_WHAT YOU SHOULD DO_: In the records below, the line with "#3706=DIRECTION('',(1.,0.,0.));" opens the range and the line with "#4495=CARTESIAN_POINT('',(18.63,-10.,27.));" closes it; print that range exactly and nothing else.

DATA LISTING Block Start

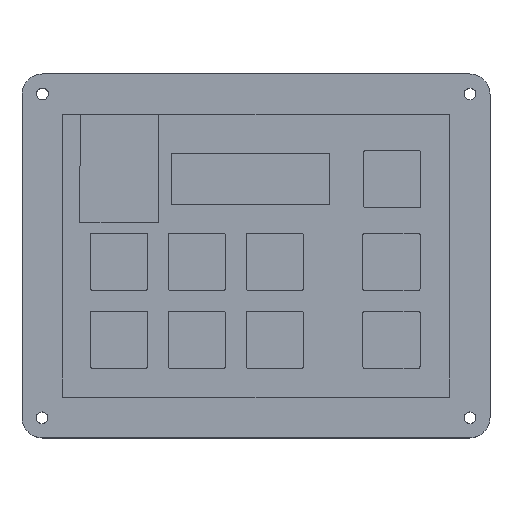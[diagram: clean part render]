
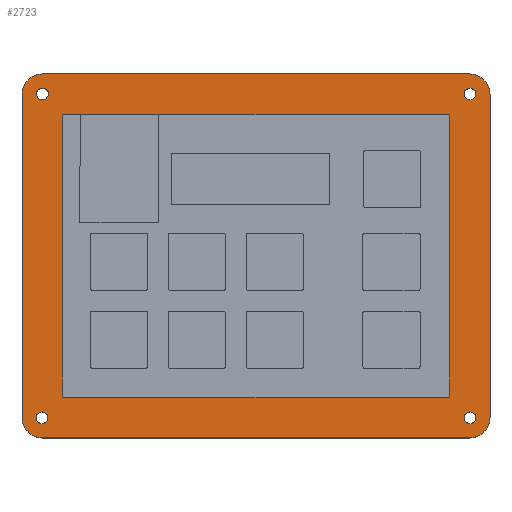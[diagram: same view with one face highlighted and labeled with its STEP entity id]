
A CAD part, top view. The second image highlights one B-rep face of the part: STEP entity #2723.
In plain terms, the highlighted planar face has unit normal (0, 0, 1).
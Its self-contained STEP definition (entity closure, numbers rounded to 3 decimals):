
#60=FACE_BOUND('',#451,.T.);
#61=FACE_BOUND('',#452,.T.);
#62=FACE_BOUND('',#453,.T.);
#63=FACE_BOUND('',#454,.T.);
#64=FACE_BOUND('',#455,.T.);
#139=PLANE('',#2982);
#274=FACE_OUTER_BOUND('',#450,.T.);
#450=EDGE_LOOP('',(#2513,#2514,#2515,#2516,#2517,#2518,#2519,#2520));
#451=EDGE_LOOP('',(#2521));
#452=EDGE_LOOP('',(#2522,#2523,#2524,#2525));
#453=EDGE_LOOP('',(#2526));
#454=EDGE_LOOP('',(#2527));
#455=EDGE_LOOP('',(#2528));
#695=LINE('',#4459,#962);
#705=LINE('',#4495,#972);
#708=LINE('',#4503,#975);
#714=LINE('',#4524,#981);
#716=LINE('',#4528,#983);
#718=LINE('',#4532,#985);
#720=LINE('',#4535,#987);
#722=LINE('',#4541,#989);
#962=VECTOR('',#3674,10.);
#972=VECTOR('',#3706,10.);
#975=VECTOR('',#3715,10.);
#981=VECTOR('',#3739,10.);
#983=VECTOR('',#3743,10.);
#985=VECTOR('',#3747,10.);
#987=VECTOR('',#3751,10.);
#989=VECTOR('',#3759,10.);
#1094=CIRCLE('',#2950,5.);
#1103=CIRCLE('',#2962,5.);
#1104=CIRCLE('',#2965,5.);
#1105=CIRCLE('',#2968,5.);
#1106=CIRCLE('',#2970,1.45);
#1107=CIRCLE('',#2972,1.45);
#1108=CIRCLE('',#2974,1.45);
#1109=CIRCLE('',#2980,1.45);
#1336=VERTEX_POINT('',#4446);
#1337=VERTEX_POINT('',#4447);
#1341=VERTEX_POINT('',#4457);
#1355=VERTEX_POINT('',#4489);
#1356=VERTEX_POINT('',#4493);
#1357=VERTEX_POINT('',#4497);
#1358=VERTEX_POINT('',#4501);
#1359=VERTEX_POINT('',#4505);
#1360=VERTEX_POINT('',#4509);
#1361=VERTEX_POINT('',#4513);
#1362=VERTEX_POINT('',#4517);
#1363=VERTEX_POINT('',#4521);
#1364=VERTEX_POINT('',#4523);
#1365=VERTEX_POINT('',#4527);
#1366=VERTEX_POINT('',#4531);
#1367=VERTEX_POINT('',#4537);
#1707=EDGE_CURVE('',#1336,#1337,#1094,.T.);
#1713=EDGE_CURVE('',#1336,#1341,#695,.T.);
#1728=EDGE_CURVE('',#1355,#1341,#1103,.T.);
#1731=EDGE_CURVE('',#1355,#1356,#705,.T.);
#1732=EDGE_CURVE('',#1357,#1356,#1104,.T.);
#1735=EDGE_CURVE('',#1357,#1358,#708,.T.);
#1736=EDGE_CURVE('',#1359,#1358,#1105,.T.);
#1738=EDGE_CURVE('',#1360,#1360,#1106,.T.);
#1740=EDGE_CURVE('',#1361,#1361,#1107,.T.);
#1742=EDGE_CURVE('',#1362,#1362,#1108,.T.);
#1745=EDGE_CURVE('',#1364,#1363,#714,.T.);
#1747=EDGE_CURVE('',#1365,#1364,#716,.T.);
#1749=EDGE_CURVE('',#1366,#1365,#718,.T.);
#1751=EDGE_CURVE('',#1363,#1366,#720,.T.);
#1752=EDGE_CURVE('',#1367,#1367,#1109,.T.);
#1754=EDGE_CURVE('',#1359,#1337,#722,.T.);
#2513=ORIENTED_EDGE('',*,*,#1707,.F.);
#2514=ORIENTED_EDGE('',*,*,#1713,.T.);
#2515=ORIENTED_EDGE('',*,*,#1728,.F.);
#2516=ORIENTED_EDGE('',*,*,#1731,.T.);
#2517=ORIENTED_EDGE('',*,*,#1732,.F.);
#2518=ORIENTED_EDGE('',*,*,#1735,.T.);
#2519=ORIENTED_EDGE('',*,*,#1736,.F.);
#2520=ORIENTED_EDGE('',*,*,#1754,.T.);
#2521=ORIENTED_EDGE('',*,*,#1752,.T.);
#2522=ORIENTED_EDGE('',*,*,#1751,.T.);
#2523=ORIENTED_EDGE('',*,*,#1749,.T.);
#2524=ORIENTED_EDGE('',*,*,#1747,.T.);
#2525=ORIENTED_EDGE('',*,*,#1745,.T.);
#2526=ORIENTED_EDGE('',*,*,#1742,.T.);
#2527=ORIENTED_EDGE('',*,*,#1740,.T.);
#2528=ORIENTED_EDGE('',*,*,#1738,.T.);
#2723=ADVANCED_FACE('',(#274,#60,#61,#62,#63,#64),#139,.T.);
#2950=AXIS2_PLACEMENT_3D('',#4448,#3664,#3665);
#2962=AXIS2_PLACEMENT_3D('',#4490,#3700,#3701);
#2965=AXIS2_PLACEMENT_3D('',#4498,#3709,#3710);
#2968=AXIS2_PLACEMENT_3D('',#4506,#3718,#3719);
#2970=AXIS2_PLACEMENT_3D('',#4510,#3723,#3724);
#2972=AXIS2_PLACEMENT_3D('',#4514,#3728,#3729);
#2974=AXIS2_PLACEMENT_3D('',#4518,#3733,#3734);
#2980=AXIS2_PLACEMENT_3D('',#4538,#3754,#3755);
#2982=AXIS2_PLACEMENT_3D('',#4542,#3760,#3761);
#3664=DIRECTION('center_axis',(0.,0.,-1.));
#3665=DIRECTION('ref_axis',(-0.707,0.707,0.));
#3674=DIRECTION('',(0.,-1.,0.));
#3700=DIRECTION('center_axis',(0.,0.,-1.));
#3701=DIRECTION('ref_axis',(-0.707,-0.707,0.));
#3706=DIRECTION('',(1.,0.,0.));
#3709=DIRECTION('center_axis',(0.,0.,-1.));
#3710=DIRECTION('ref_axis',(0.707,-0.707,0.));
#3715=DIRECTION('',(0.,1.,0.));
#3718=DIRECTION('center_axis',(0.,0.,-1.));
#3719=DIRECTION('ref_axis',(0.707,0.707,0.));
#3723=DIRECTION('center_axis',(0.,0.,-1.));
#3724=DIRECTION('ref_axis',(1.,0.,0.));
#3728=DIRECTION('center_axis',(0.,0.,-1.));
#3729=DIRECTION('ref_axis',(1.,0.,0.));
#3733=DIRECTION('center_axis',(0.,0.,-1.));
#3734=DIRECTION('ref_axis',(1.,0.,0.));
#3739=DIRECTION('',(0.,-1.,0.));
#3743=DIRECTION('',(1.,0.,0.));
#3747=DIRECTION('',(0.,1.,0.));
#3751=DIRECTION('',(-1.,0.,0.));
#3754=DIRECTION('center_axis',(0.,0.,-1.));
#3755=DIRECTION('ref_axis',(1.,0.,0.));
#3759=DIRECTION('',(-1.,0.,0.));
#3760=DIRECTION('center_axis',(0.,0.,1.));
#3761=DIRECTION('ref_axis',(1.,0.,0.));
#4446=CARTESIAN_POINT('',(-10.,74.06,27.));
#4447=CARTESIAN_POINT('',(-5.,79.06,27.));
#4448=CARTESIAN_POINT('Origin',(-5.,74.06,27.));
#4457=CARTESIAN_POINT('',(-10.,-5.,27.));
#4459=CARTESIAN_POINT('',(-10.,56.795,27.));
#4489=CARTESIAN_POINT('',(-5.,-10.,27.));
#4490=CARTESIAN_POINT('Origin',(-5.,-5.,27.));
#4493=CARTESIAN_POINT('',(99.52,-10.,27.));
#4495=CARTESIAN_POINT('',(18.63,-10.,27.));
#4497=CARTESIAN_POINT('',(104.52,-5.,27.));
#4498=CARTESIAN_POINT('Origin',(99.52,-5.,27.));
#4501=CARTESIAN_POINT('',(104.52,74.06,27.));
#4503=CARTESIAN_POINT('',(104.52,12.265,27.));
#4505=CARTESIAN_POINT('',(99.52,79.06,27.));
#4506=CARTESIAN_POINT('Origin',(99.52,74.06,27.));
#4509=CARTESIAN_POINT('',(98.17,74.16,27.));
#4510=CARTESIAN_POINT('Origin',(99.62,74.16,27.));
#4513=CARTESIAN_POINT('',(-6.55,-5.1,27.));
#4514=CARTESIAN_POINT('Origin',(-5.1,-5.1,27.));
#4517=CARTESIAN_POINT('',(98.17,-5.1,27.));
#4518=CARTESIAN_POINT('Origin',(99.62,-5.1,27.));
#4521=CARTESIAN_POINT('',(94.52,0.,27.));
#4523=CARTESIAN_POINT('',(94.52,69.06,27.));
#4524=CARTESIAN_POINT('',(94.52,51.795,27.));
#4527=CARTESIAN_POINT('',(0.,69.06,27.));
#4528=CARTESIAN_POINT('',(23.63,69.06,27.));
#4531=CARTESIAN_POINT('',(0.,0.,27.));
#4532=CARTESIAN_POINT('',(0.,17.265,27.));
#4535=CARTESIAN_POINT('',(70.89,0.,27.));
#4537=CARTESIAN_POINT('',(-6.45,74.16,27.));
#4538=CARTESIAN_POINT('Origin',(-5.,74.16,27.));
#4541=CARTESIAN_POINT('',(75.89,79.06,27.));
#4542=CARTESIAN_POINT('Origin',(47.26,34.53,27.));
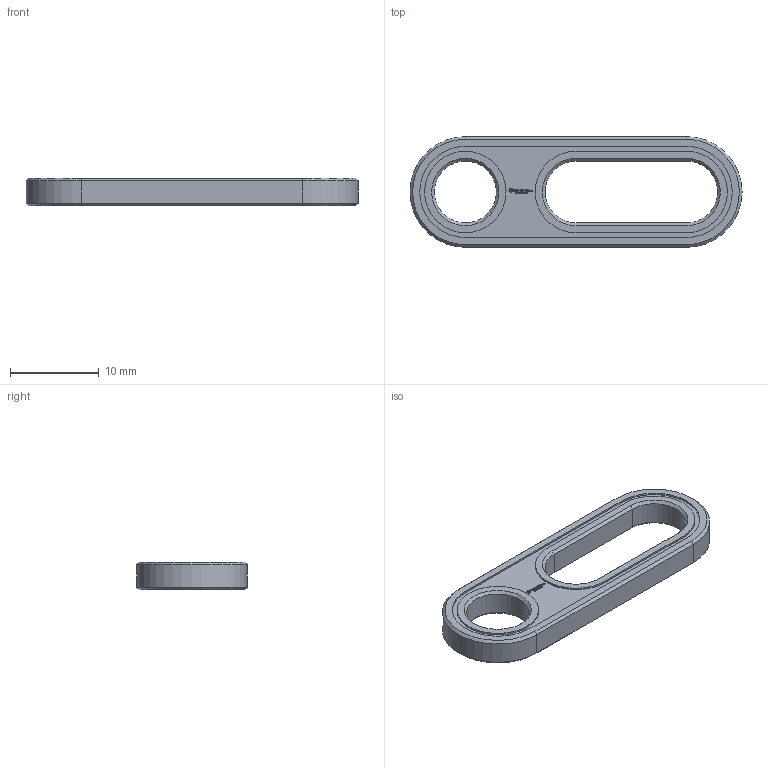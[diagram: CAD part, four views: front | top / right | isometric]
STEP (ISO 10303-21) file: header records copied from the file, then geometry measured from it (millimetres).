
FILE_DESCRIPTION(('FreeCAD Model'),'2;1');
FILE_NAME('Open CASCADE Shape Model','2021-02-23T23:15:43',( 'Paulo Kiefe'),('STEMFIE.org'),'Open CASCADE STEP processor 7.4', 'FreeCAD','Unknown');
FILE_SCHEMA(('AUTOMOTIVE_DESIGN { 1 0 10303 214 1 1 1 1 }'));
Length unit declared in the file: millimetre
Products named in the file (1): Brace_STR_SLT_SE_ERR_-_BU03x01x00.25x02_SPN-BRC-0122_(stemfie.org)
Bounding box: 37.5 x 12.5 x 3.12 mm (x, y, z)
Volume: 813.2 mm3; surface area: 1014.7 mm2
Topology: 1 solids, 1 shells, 534 faces, 1474 edges, 977 vertices
Faces by surface type: plane 336, extrusion 178, cylinder 10, cone 10
Full cylindrical faces by diameter (mm): 7 x1, 9.2 x1
Entity records: 37323 total; most frequent: CARTESIAN_POINT 9201, DIRECTION 4452, VECTOR 3658, LINE 3480, ORIENTED_EDGE 2948, PCURVE 2948, DEFINITIONAL_REPRESENTATION 2948, EDGE_CURVE 1474
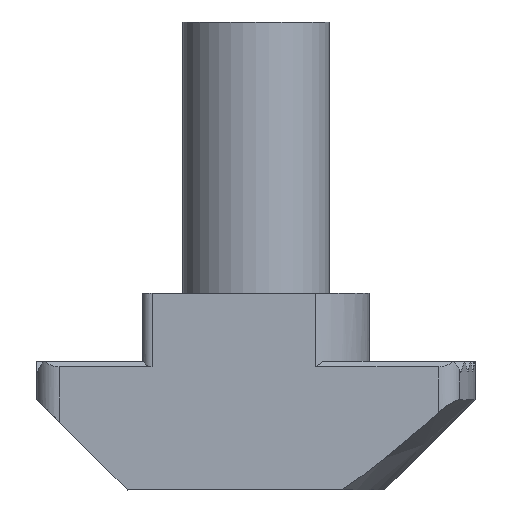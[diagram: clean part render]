
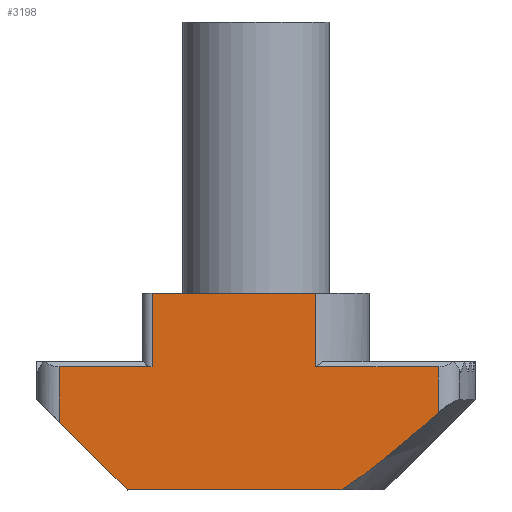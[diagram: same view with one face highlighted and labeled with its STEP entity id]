
A CAD part, left-side view. The second image highlights one B-rep face of the part: STEP entity #3198.
In plain terms, the highlighted planar face has unit normal (-1, 0, 0).
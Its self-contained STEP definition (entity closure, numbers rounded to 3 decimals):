
#1669=HYPERBOLA('',#3047,4.25,4.25);
#1817=ORIENTED_EDGE('',*,*,#2430,.F.);
#1818=ORIENTED_EDGE('',*,*,#2431,.T.);
#1819=ORIENTED_EDGE('',*,*,#2421,.T.);
#1820=ORIENTED_EDGE('',*,*,#2384,.F.);
#1821=ORIENTED_EDGE('',*,*,#2432,.T.);
#1822=ORIENTED_EDGE('',*,*,#2433,.T.);
#1823=ORIENTED_EDGE('',*,*,#2434,.T.);
#1824=ORIENTED_EDGE('',*,*,#2435,.F.);
#1825=ORIENTED_EDGE('',*,*,#2436,.F.);
#1826=ORIENTED_EDGE('',*,*,#2437,.T.);
#2073=VECTOR('',#2677,1.);
#2102=VECTOR('',#2746,1.);
#2103=VECTOR('',#2765,1.);
#2104=VECTOR('',#2766,1.);
#2105=VECTOR('',#2767,1.);
#2106=VECTOR('',#2768,1.);
#2107=VECTOR('',#2769,1.);
#2108=VECTOR('',#2770,1.);
#2109=VECTOR('',#2771,1.);
#2173=LINE('',#3264,#2073);
#2202=LINE('',#3338,#2102);
#2203=LINE('',#3357,#2103);
#2204=LINE('',#3358,#2104);
#2205=LINE('',#3360,#2105);
#2206=LINE('',#3362,#2106);
#2207=LINE('',#3364,#2107);
#2208=LINE('',#3366,#2108);
#2209=LINE('',#3368,#2109);
#2276=VERTEX_POINT('',#3261);
#2277=VERTEX_POINT('',#3263);
#2302=VERTEX_POINT('',#3337);
#2310=VERTEX_POINT('',#3355);
#2311=VERTEX_POINT('',#3356);
#2312=VERTEX_POINT('',#3359);
#2313=VERTEX_POINT('',#3361);
#2314=VERTEX_POINT('',#3363);
#2315=VERTEX_POINT('',#3365);
#2316=VERTEX_POINT('',#3367);
#2384=EDGE_CURVE('',#2276,#2277,#2173,.T.);
#2421=EDGE_CURVE('',#2302,#2277,#2202,.T.);
#2430=EDGE_CURVE('',#2310,#2311,#2203,.T.);
#2431=EDGE_CURVE('',#2310,#2302,#2204,.T.);
#2432=EDGE_CURVE('',#2276,#2312,#2205,.T.);
#2433=EDGE_CURVE('',#2312,#2313,#2206,.T.);
#2434=EDGE_CURVE('',#2313,#2314,#2207,.T.);
#2435=EDGE_CURVE('',#2315,#2314,#2208,.T.);
#2436=EDGE_CURVE('',#2316,#2315,#2209,.T.);
#2437=EDGE_CURVE('',#2316,#2311,#1669,.T.);
#2556=EDGE_LOOP('',(#1817,#1818,#1819,#1820,#1821,#1822,#1823,#1824,#1825,
#1826));
#2618=FACE_BOUND('',#2556,.T.);
#2677=DIRECTION('',(0.,-7.234,0.));
#2746=DIRECTION('',(0.,0.,3.25));
#2763=DIRECTION('',(-1.,0.,0.));
#2764=DIRECTION('',(0.,1.,0.));
#2765=DIRECTION('',(0.,0.,-2.029));
#2766=DIRECTION('',(0.,5.436,0.));
#2767=DIRECTION('',(0.,0.,-3.25));
#2768=DIRECTION('',(0.,4.1,0.));
#2769=DIRECTION('',(0.,0.,-2.45));
#2770=DIRECTION('',(0.,3.,3.));
#2771=DIRECTION('',(0.,9.498,0.));
#2772=DIRECTION('',(1.,0.,0.));
#2773=DIRECTION('',(0.,0.,1.));
#3046=AXIS2_PLACEMENT_3D('',#3354,#2763,#2764);
#3047=AXIS2_PLACEMENT_3D('',#3369,#2772,#2773);
#3149=PLANE('',#3046);
#3198=ADVANCED_FACE('',(#2618),#3149,.T.);
#3261=CARTESIAN_POINT('',(-4.25,4.6,8.7));
#3263=CARTESIAN_POINT('',(-4.25,-2.634,8.7));
#3264=CARTESIAN_POINT('',(-4.25,4.6,8.7));
#3337=CARTESIAN_POINT('',(-4.25,-2.634,5.45));
#3338=CARTESIAN_POINT('',(-4.25,-2.634,5.45));
#3354=CARTESIAN_POINT('',(-4.25,-2.634,8.7));
#3355=CARTESIAN_POINT('',(-4.25,-8.07,5.45));
#3356=CARTESIAN_POINT('',(-4.25,-8.07,3.421));
#3357=CARTESIAN_POINT('',(-4.25,-8.07,5.45));
#3358=CARTESIAN_POINT('',(-4.25,-8.07,5.45));
#3359=CARTESIAN_POINT('',(-4.25,4.6,5.45));
#3360=CARTESIAN_POINT('',(-4.25,4.6,8.7));
#3361=CARTESIAN_POINT('',(-4.25,8.7,5.45));
#3362=CARTESIAN_POINT('',(-4.25,4.6,5.45));
#3363=CARTESIAN_POINT('',(-4.25,8.7,3.));
#3364=CARTESIAN_POINT('',(-4.25,8.7,5.45));
#3365=CARTESIAN_POINT('',(-4.25,5.7,0.));
#3366=CARTESIAN_POINT('',(-4.25,5.7,0.));
#3367=CARTESIAN_POINT('',(-4.25,-3.798,0.));
#3368=CARTESIAN_POINT('',(-4.25,-3.798,0.));
#3369=CARTESIAN_POINT('',(-4.25,0.,-5.7));

DATA LISTING Block End

_RESPONSE TO THE TASK_:
#3706=DIRECTION('',(1.,0.,0.));
#3709=DIRECTION('center_axis',(0.,0.,-1.));
#3710=DIRECTION('ref_axis',(0.707,-0.707,0.));
#3715=DIRECTION('',(0.,1.,0.));
#3718=DIRECTION('center_axis',(0.,0.,-1.));
#3719=DIRECTION('ref_axis',(0.707,0.707,0.));
#3723=DIRECTION('center_axis',(0.,0.,-1.));
#3724=DIRECTION('ref_axis',(1.,0.,0.));
#3728=DIRECTION('center_axis',(0.,0.,-1.));
#3729=DIRECTION('ref_axis',(1.,0.,0.));
#3733=DIRECTION('center_axis',(0.,0.,-1.));
#3734=DIRECTION('ref_axis',(1.,0.,0.));
#3739=DIRECTION('',(0.,-1.,0.));
#3743=DIRECTION('',(1.,0.,0.));
#3747=DIRECTION('',(0.,1.,0.));
#3751=DIRECTION('',(-1.,0.,0.));
#3754=DIRECTION('center_axis',(0.,0.,-1.));
#3755=DIRECTION('ref_axis',(1.,0.,0.));
#3759=DIRECTION('',(-1.,0.,0.));
#3760=DIRECTION('center_axis',(0.,0.,1.));
#3761=DIRECTION('ref_axis',(1.,0.,0.));
#4446=CARTESIAN_POINT('',(-10.,74.06,27.));
#4447=CARTESIAN_POINT('',(-5.,79.06,27.));
#4448=CARTESIAN_POINT('Origin',(-5.,74.06,27.));
#4457=CARTESIAN_POINT('',(-10.,-5.,27.));
#4459=CARTESIAN_POINT('',(-10.,56.795,27.));
#4489=CARTESIAN_POINT('',(-5.,-10.,27.));
#4490=CARTESIAN_POINT('Origin',(-5.,-5.,27.));
#4493=CARTESIAN_POINT('',(99.52,-10.,27.));
#4495=CARTESIAN_POINT('',(18.63,-10.,27.));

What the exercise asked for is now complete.